Infografica che mostra l'andamento delle segnalazioni di illeciti con whistleblowign dal 2015 al 2023

Questi numeri mettono in evidenza quanto sia indispensabile adottare un software whistleblowing che garantisca la segnalazione di illeciti in modo anonimo, protetto e conforme al GDPR. La riservatezza del segnalante è un pilastro del sistema: offrire ai propri dipendenti o collaboratori un canale digitale sicuro è oggi un requisito di compliance, non più un’opzione.

E-lane ha sviluppato Italia Whistleblowing, un whistleblowing software semplice, intuitivo e già utilizzato da enti pubblici e imprese private per ricevere e gestire segnalazioni in modo strutturato, sicuro e conforme alla normativa.

Whistleblowing traduzione e significato

Il termine whistleblowing deriva dall’inglese “to blow the whistle“, ovvero “soffiare il fischietto”, richiamando l’immagine dell’arbitro che interrompe il gioco per segnalare un’infrazione.
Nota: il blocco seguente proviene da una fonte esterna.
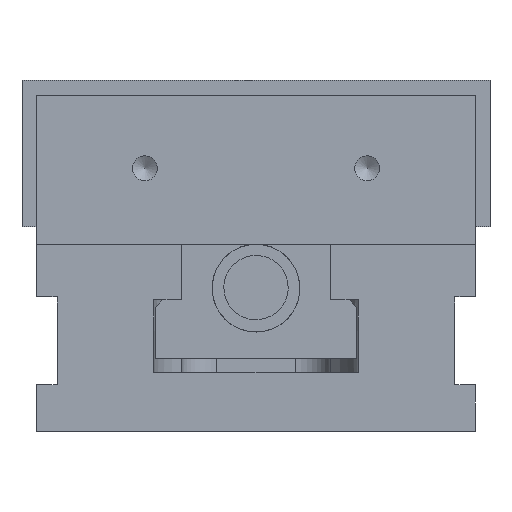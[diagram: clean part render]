
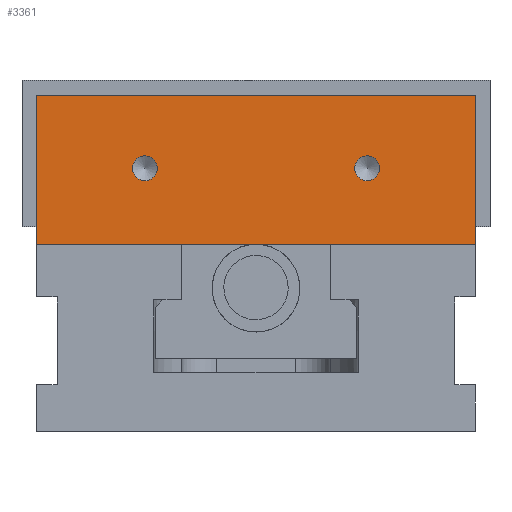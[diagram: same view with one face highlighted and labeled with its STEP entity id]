
A CAD part, left-side view. The second image highlights one B-rep face of the part: STEP entity #3361.
In plain terms, the highlighted planar face has unit normal (-1, 0, 0).
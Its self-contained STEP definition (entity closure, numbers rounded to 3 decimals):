
#156=FACE_BOUND('',#4257,.T.);
#157=FACE_BOUND('',#4258,.T.);
#158=FACE_BOUND('',#4259,.T.);
#389=CIRCLE('',#9070,4.25);
#390=CIRCLE('',#9071,4.25);
#3361=ADVANCED_FACE('',(#156,#157,#158),#3702,.T.);
#3702=PLANE('',#9072);
#4257=EDGE_LOOP('',(#4890));
#4258=EDGE_LOOP('',(#4891));
#4259=EDGE_LOOP('',(#4892,#4893,#4894,#4895));
#4890=ORIENTED_EDGE('',*,*,#7014,.F.);
#4891=ORIENTED_EDGE('',*,*,#7015,.F.);
#4892=ORIENTED_EDGE('',*,*,#6981,.F.);
#4893=ORIENTED_EDGE('',*,*,#7013,.T.);
#4894=ORIENTED_EDGE('',*,*,#6991,.T.);
#4895=ORIENTED_EDGE('',*,*,#6975,.F.);
#6354=VERTEX_POINT('',#11458);
#6356=VERTEX_POINT('',#11461);
#6361=VERTEX_POINT('',#11472);
#6368=VERTEX_POINT('',#11492);
#6382=VERTEX_POINT('',#11544);
#6383=VERTEX_POINT('',#11546);
#6975=EDGE_CURVE('',#6354,#6356,#7765,.T.);
#6981=EDGE_CURVE('',#6361,#6354,#7771,.T.);
#6991=EDGE_CURVE('',#6368,#6356,#7779,.T.);
#7013=EDGE_CURVE('',#6361,#6368,#7795,.T.);
#7014=EDGE_CURVE('',#6382,#6382,#389,.T.);
#7015=EDGE_CURVE('',#6383,#6383,#390,.T.);
#7765=LINE('',#11460,#8390);
#7771=LINE('',#11473,#8396);
#7779=LINE('',#11491,#8404);
#7795=LINE('',#11541,#8420);
#8390=VECTOR('',#9742,1.);
#8396=VECTOR('',#9750,1.);
#8404=VECTOR('',#9766,1.);
#8420=VECTOR('',#9822,1.);
#9070=AXIS2_PLACEMENT_3D('',#11543,#9825,#9826);
#9071=AXIS2_PLACEMENT_3D('',#11545,#9827,#9828);
#9072=AXIS2_PLACEMENT_3D('',#11547,#9829,#9830);
#9742=DIRECTION('',(0.,-1.,0.));
#9750=DIRECTION('',(0.,0.,1.));
#9766=DIRECTION('',(0.,0.,1.));
#9822=DIRECTION('',(0.,-1.,0.));
#9825=DIRECTION('',(-1.,0.,0.));
#9826=DIRECTION('',(0.,0.,-1.));
#9827=DIRECTION('',(-1.,0.,0.));
#9828=DIRECTION('',(0.,0.,-1.));
#9829=DIRECTION('',(-1.,0.,0.));
#9830=DIRECTION('',(0.,0.,-1.));
#11458=CARTESIAN_POINT('',(-3.,150.,115.2));
#11460=CARTESIAN_POINT('',(-3.,150.,115.2));
#11461=CARTESIAN_POINT('',(-3.,0.,115.2));
#11472=CARTESIAN_POINT('',(-3.,150.,64.2));
#11473=CARTESIAN_POINT('',(-3.,150.,64.2));
#11491=CARTESIAN_POINT('',(-3.,0.,64.2));
#11492=CARTESIAN_POINT('',(-3.,0.,64.2));
#11541=CARTESIAN_POINT('',(-3.,150.,64.2));
#11543=CARTESIAN_POINT('',(-3.,113.,90.2));
#11544=CARTESIAN_POINT('',(-3.,113.,85.95));
#11545=CARTESIAN_POINT('',(-3.,37.,90.2));
#11546=CARTESIAN_POINT('',(-3.,37.,85.95));
#11547=CARTESIAN_POINT('',(-3.,150.,64.2));
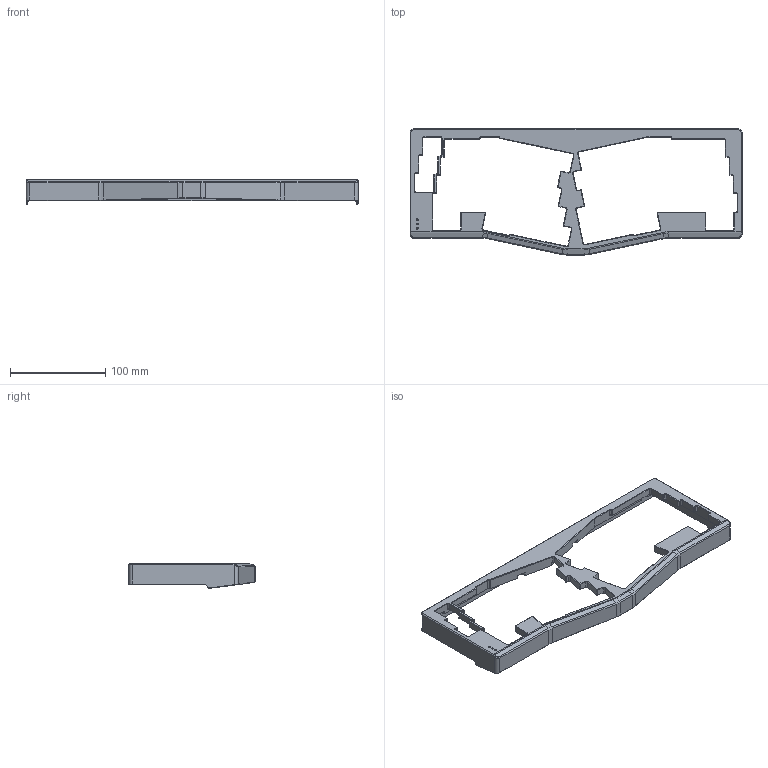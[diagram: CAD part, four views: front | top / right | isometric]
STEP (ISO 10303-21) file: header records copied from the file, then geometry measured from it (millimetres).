
FILE_DESCRIPTION(/* description */ (''),/* implementation_level */ '2;1');
FILE_NAME(/* name */ 'Top.step',/* time_stamp */ '2022-03-14T10:25:15+02:00',/* author */ (''),/* organization */ (''),/* preprocessor_version */ 'ST-DEVELOPER v18.1',/* originating_system */ 'Autodesk Translation Framework v10.13.0.1454',/* authorisation */ '');
FILE_SCHEMA (('AUTOMOTIVE_DESIGN { 1 0 10303 214 3 1 1 }'));
Length unit declared in the file: millimetre
Products named in the file (1): Top
Bounding box: 349.2 x 132.58 x 26.26 mm (x, y, z)
Volume: 145610.4 mm3; surface area: 69291.4 mm2
Topology: 1 solids, 1 shells, 517 faces, 1324 edges, 809 vertices
Faces by surface type: plane 230, cylinder 148, cone 99, bspline 40
Full cylindrical faces by diameter (mm): 1.5 x3, 2.075 x8, 2.529 x8, 4 x3
Entity records: 15962 total; most frequent: CARTESIAN_POINT 3481, ORIENTED_EDGE 2616, DIRECTION 2561, EDGE_CURVE 1308, LINE 867, VECTOR 867, AXIS2_PLACEMENT_3D 847, VERTEX_POINT 809
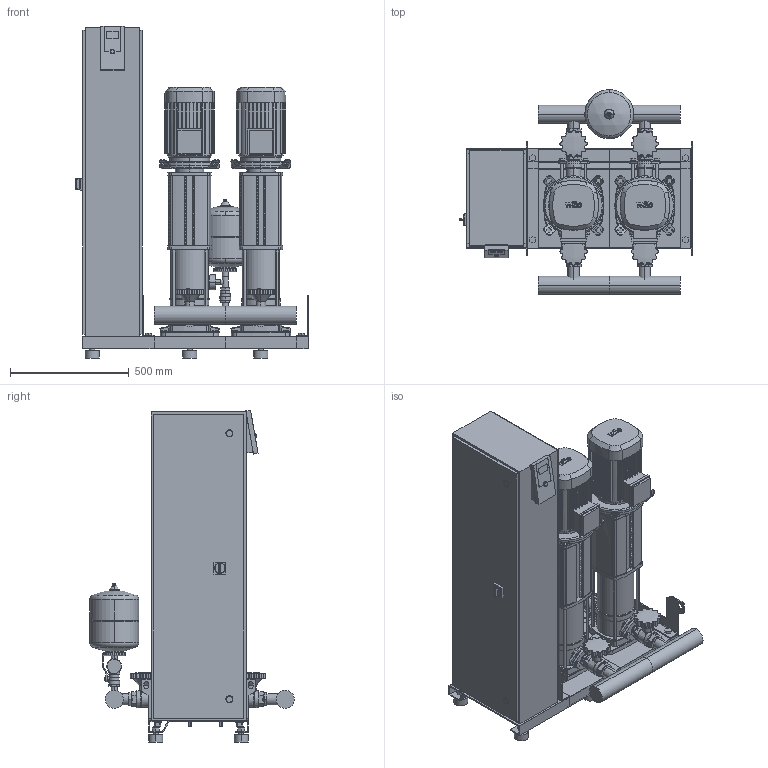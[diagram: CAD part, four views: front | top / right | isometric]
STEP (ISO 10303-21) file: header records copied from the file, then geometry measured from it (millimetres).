
FILE_DESCRIPTION((''),'2;1');
FILE_NAME('3d_SiBoostSmart2HELIXV1607-2536157.stp','2016-01-25T10:19:10',(''),(''),'Mechanical Desktop 2009','Mechanical Desktop 2009',', , ');
FILE_SCHEMA(('CONFIG_CONTROL_DESIGN'));
Length unit declared in the file: millimetre
Products named in the file (1): Product
Bounding box: 980 x 861.05 x 1398.4 mm (x, y, z)
Volume: 201290426.7 mm3; surface area: 10392476.7 mm2
Topology: 123 solids, 123 shells, 4130 faces, 10808 edges, 7084 vertices
Faces by surface type: plane 1741, bspline 1205, cylinder 930, cone 162, torus 74, sphere 18
Entity records: 135522 total; most frequent: CARTESIAN_POINT 34338, ORIENTED_EDGE 21592, DIRECTION 19368, EDGE_CURVE 10796, VECTOR 7168, LINE 7168, VERTEX_POINT 7080, AXIS2_PLACEMENT_3D 6100

In italiano, il termine è spesso tradotto come “segnalazione di illeciti” o “denuncia”, sebbene non esista un equivalente perfetto.

Il Whistleblowing, quindi, è un sistema di segnalazioni di violazioni, da parte del dipendente o di un terzo interessato di un’organizzazione pubblica o privata che ha il “coraggio” di denunciare atti corruttivi o irregolarità di cui si è venuto a conoscenza, utilizzando canali sicuri e indipendenti per tutelare la propria identità , essendo messi al riparo da eventuali ritorsioni e discriminazioni, conseguenti la segnalazione.

Chi è il Whistleblower?

Whistleblower traduzione

Sull’origine del termine whistleblower, ci sono due ipotesi:

  • la prima porta a “bobbies”, il classico poliziotto inglese che soffia nel proprio fischietto per destare attenzione e mette in fuga malintenzionati;
  • la seconda evoca l’immagine dell’arbitro che fischia un fallo.

E tradotto letteralmente, il whistleblower è un soffiatore di fischietto, ovvero colui il quale “segnala” a qualcuno comportamenti illeciti di qualcun altro.

Questa figura può essere un dipendente, un ex dipendente, un collaboratore, un fornitore o un cliente che, venuto a conoscenza di pratiche scorrette, decide di segnalarle attraverso canali appropriati.

Il whistleblower agisce spesso per senso civico, contribuendo alla prevenzione di illeciti e alla promozione di una cultura dell’integrità. La normativa italiana, in particolare il D.Lgs. 24/2023, prevede specifiche tutele per proteggere il segnalante da ritorsioni e discriminazioni, garantendo la riservatezza della sua identità.